Geçen hafta yazmıştım, 'Çıplak Gerçek dizisinde insanı çeken tuhaf bir şey var' diye... Bu hafta da gözümü ekrandan alamadım.
Aslında tüm dizi tek bir mekanda geçiyor. Neredeyse hiç dış çekim yok.
Dizi değil de sanki tiyatro oyunu gibi yazılmış. Dizi, bu haliyle gerçekten de ekranda 'çıplak' duruyor.
Bir polisiye dizide farklı mekan kullanımları ve aksiyon olmadan tempo yapmak çok zordur. Çıplak Gerçek de yapamıyor zaten. Ama nasıl oluyorsa insanı germeyi, 'Şimdi ne olacak?' diye merakla bekletmeyi başarıyor.
Her şey, Kayıp Şahıslar Büro Amirliği'nin içinde olup bitiyor. Hatta komiserin, ruh hastası karısını bile getirip büronun revirine yatırdılar ki her şey o dört duvarın arasında şekillensin...

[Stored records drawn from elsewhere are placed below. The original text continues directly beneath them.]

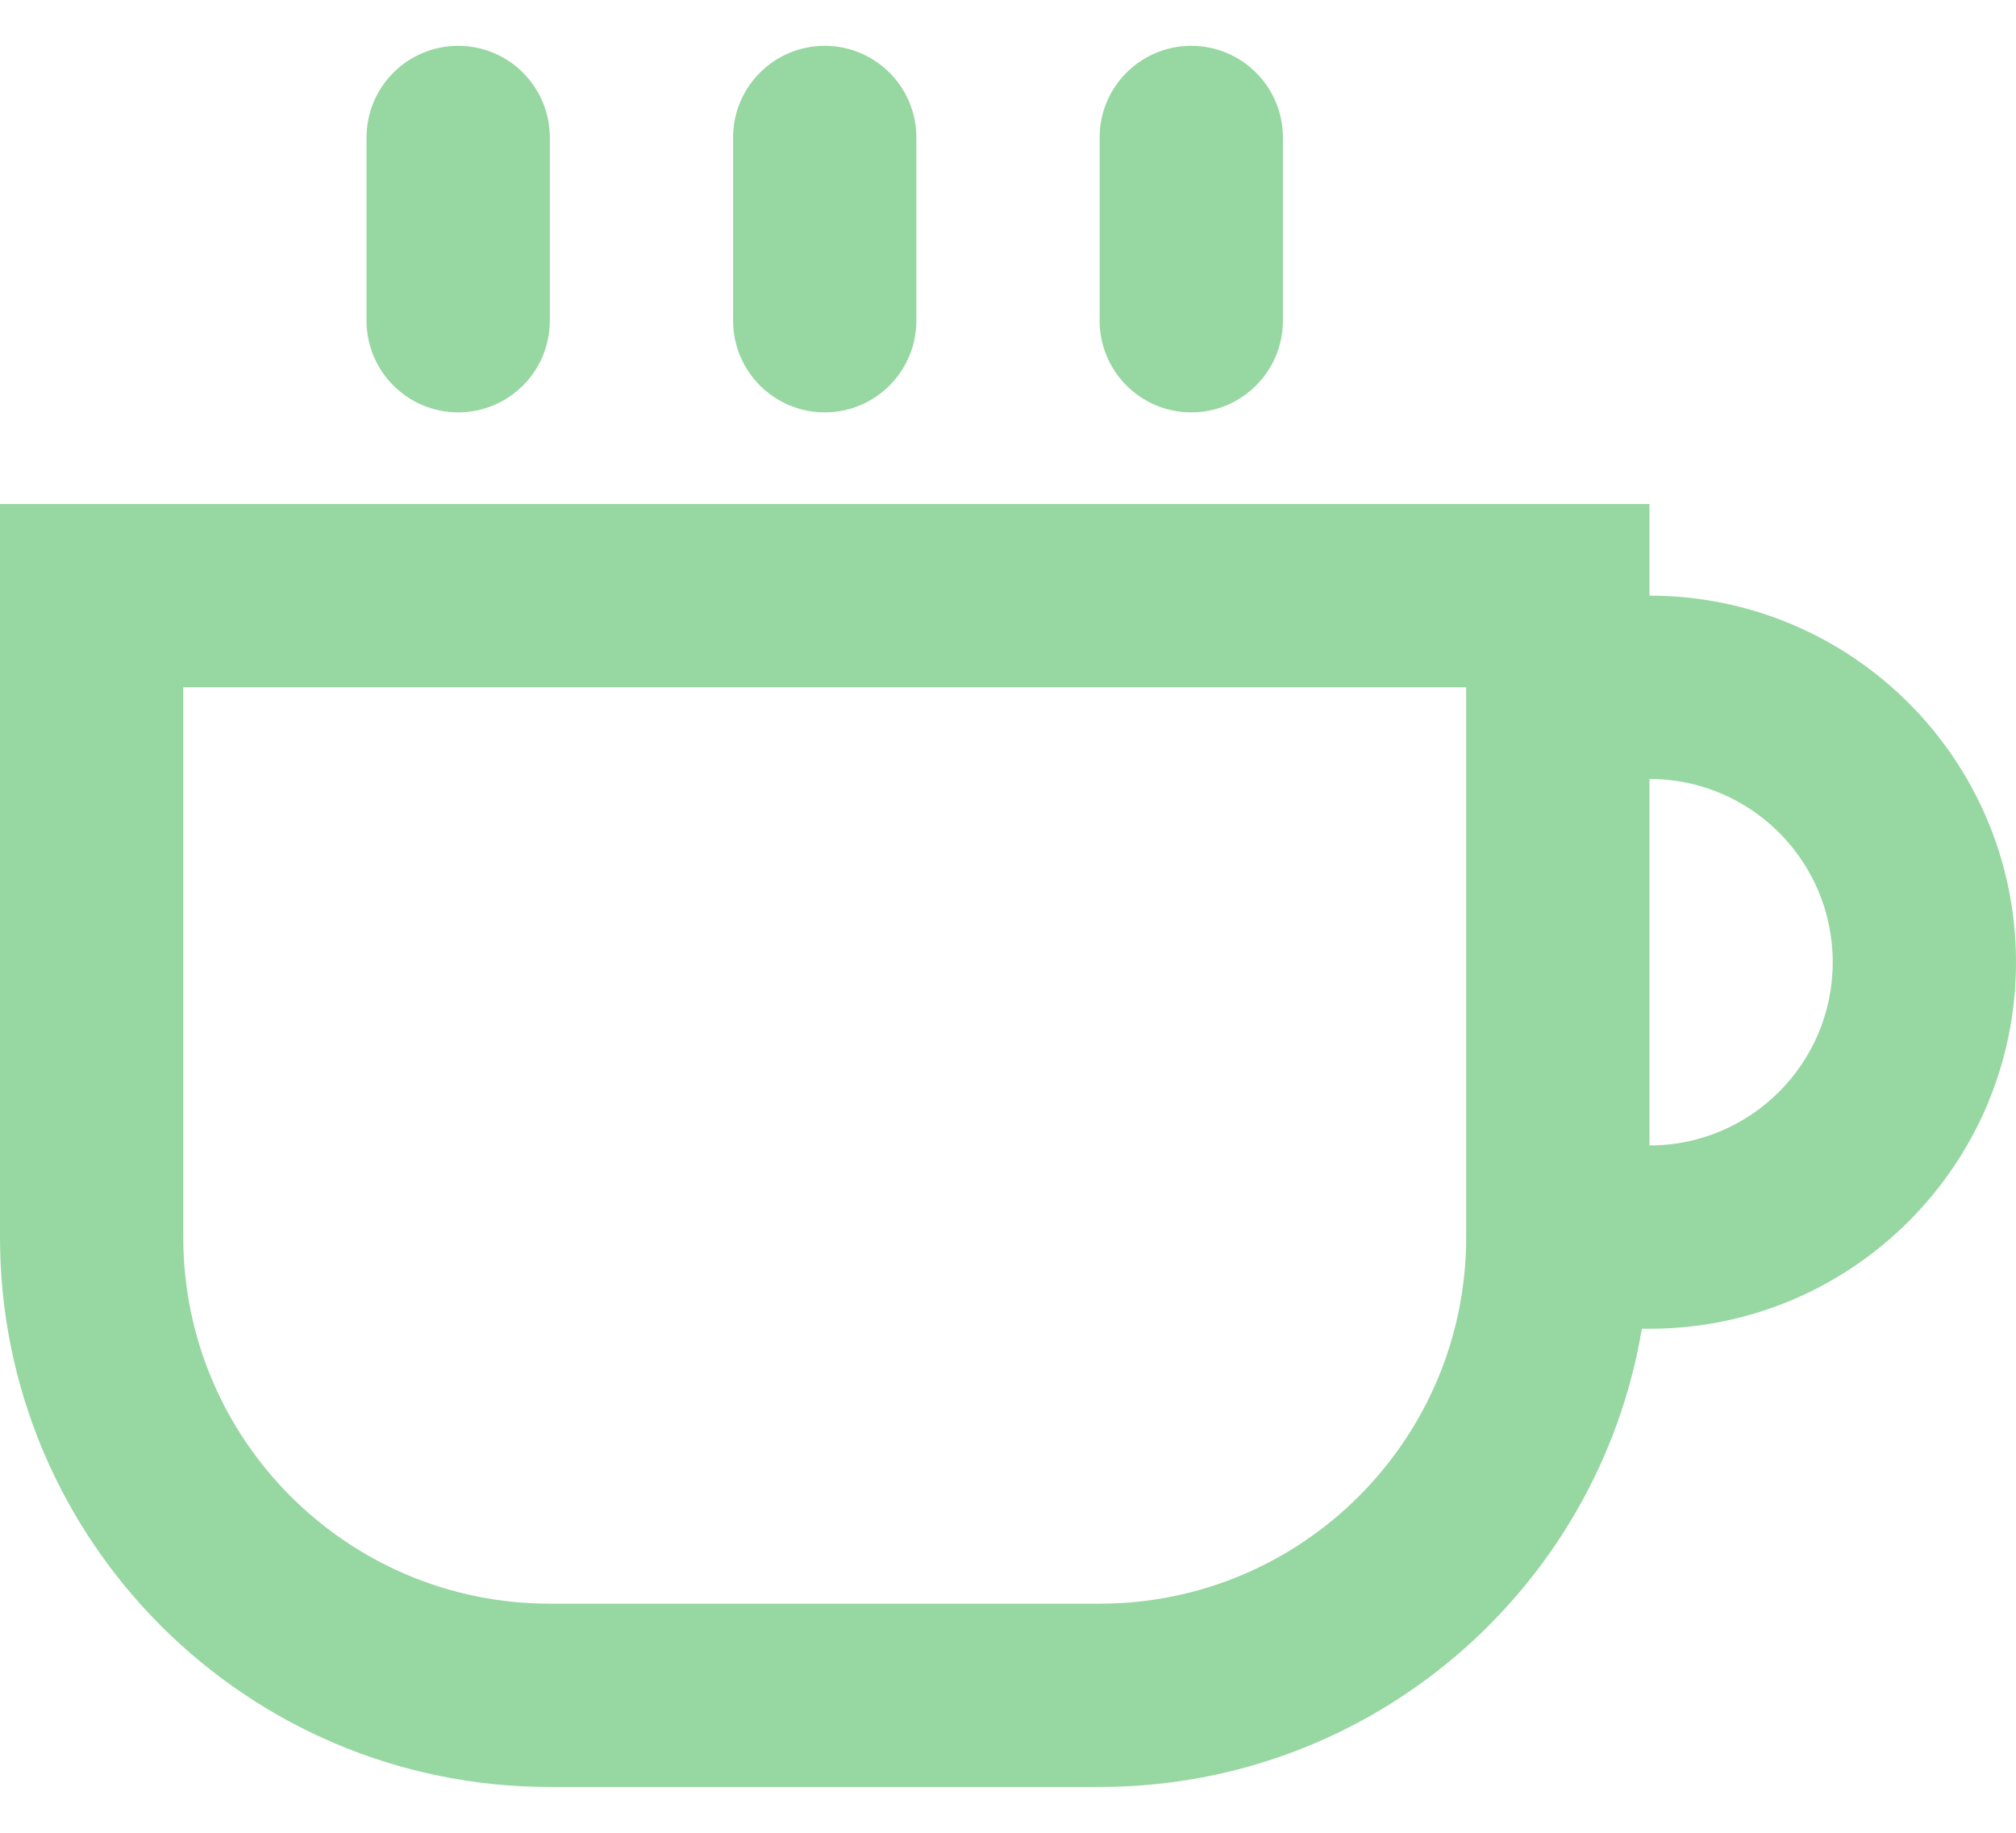 <svg width="22" height="20" viewBox="0 0 22 20" fill="none" xmlns="http://www.w3.org/2000/svg">
<path d="M5 0.5C4.448 0.5 4 0.948 4 1.5V3.5C4 4.052 4.448 4.5 5 4.5C5.552 4.5 6 4.052 6 3.5V1.5C6 0.948 5.552 0.5 5 0.5Z" fill="#97D7A1"/>
<path fill-rule="evenodd" clip-rule="evenodd" d="M12 19.5C14.973 19.5 17.441 17.338 17.917 14.5H18C20.209 14.5 22 12.709 22 10.5C22 8.291 20.209 6.5 18 6.5V5.5H0V13.5C0 16.814 2.686 19.5 6 19.5H12ZM2 7.5V13.5C2 15.709 3.791 17.5 6 17.5H12C14.209 17.5 16 15.709 16 13.5V7.5H2ZM20 10.5C20 11.605 19.105 12.5 18 12.5V8.5C19.105 8.5 20 9.395 20 10.5Z" fill="#97D7A1"/>
<path d="M8 1.5C8 0.948 8.448 0.5 9 0.5C9.552 0.5 10 0.948 10 1.5V3.5C10 4.052 9.552 4.5 9 4.5C8.448 4.5 8 4.052 8 3.5V1.5Z" fill="#97D7A1"/>
<path d="M13 0.5C12.448 0.5 12 0.948 12 1.5V3.5C12 4.052 12.448 4.5 13 4.5C13.552 4.5 14 4.052 14 3.5V1.5C14 0.948 13.552 0.5 13 0.5Z" fill="#97D7A1"/>
</svg>

Mekan değişimi ve aksiyon olmayınca bütün yük, oyuncu performanslarının üzerine yıkılıyor. Ama bu tür karakterlerden iyi oyun alabilmek için 'tiyatro yönetmenliğine' ihtiyaç var. Bakalım Ümit Ünal son bölüme kadar bu ağır görev ve sorumluluğu taşıyabilecek mi?
Önümüzdeki bölümlerde, kızını bulmaya çalışan aile, Komiser Galip'in sorunlu aile yapısından da haberdar olacaktır kuşkusuz.
O zaman komisere duydukları güven de sarsılacak ve ortaya yeni bir gerilim sebebi çıkacak.
Bu arada bürodaki 'Bilgisayar Mühendisi Zihni' karakteri giderek parlıyor. Eminim, İbrahim Selim'in canlandırdığı bu sıra dışı tipe önümüzdeki bölümlerde daha fazla rol yazılacaktır.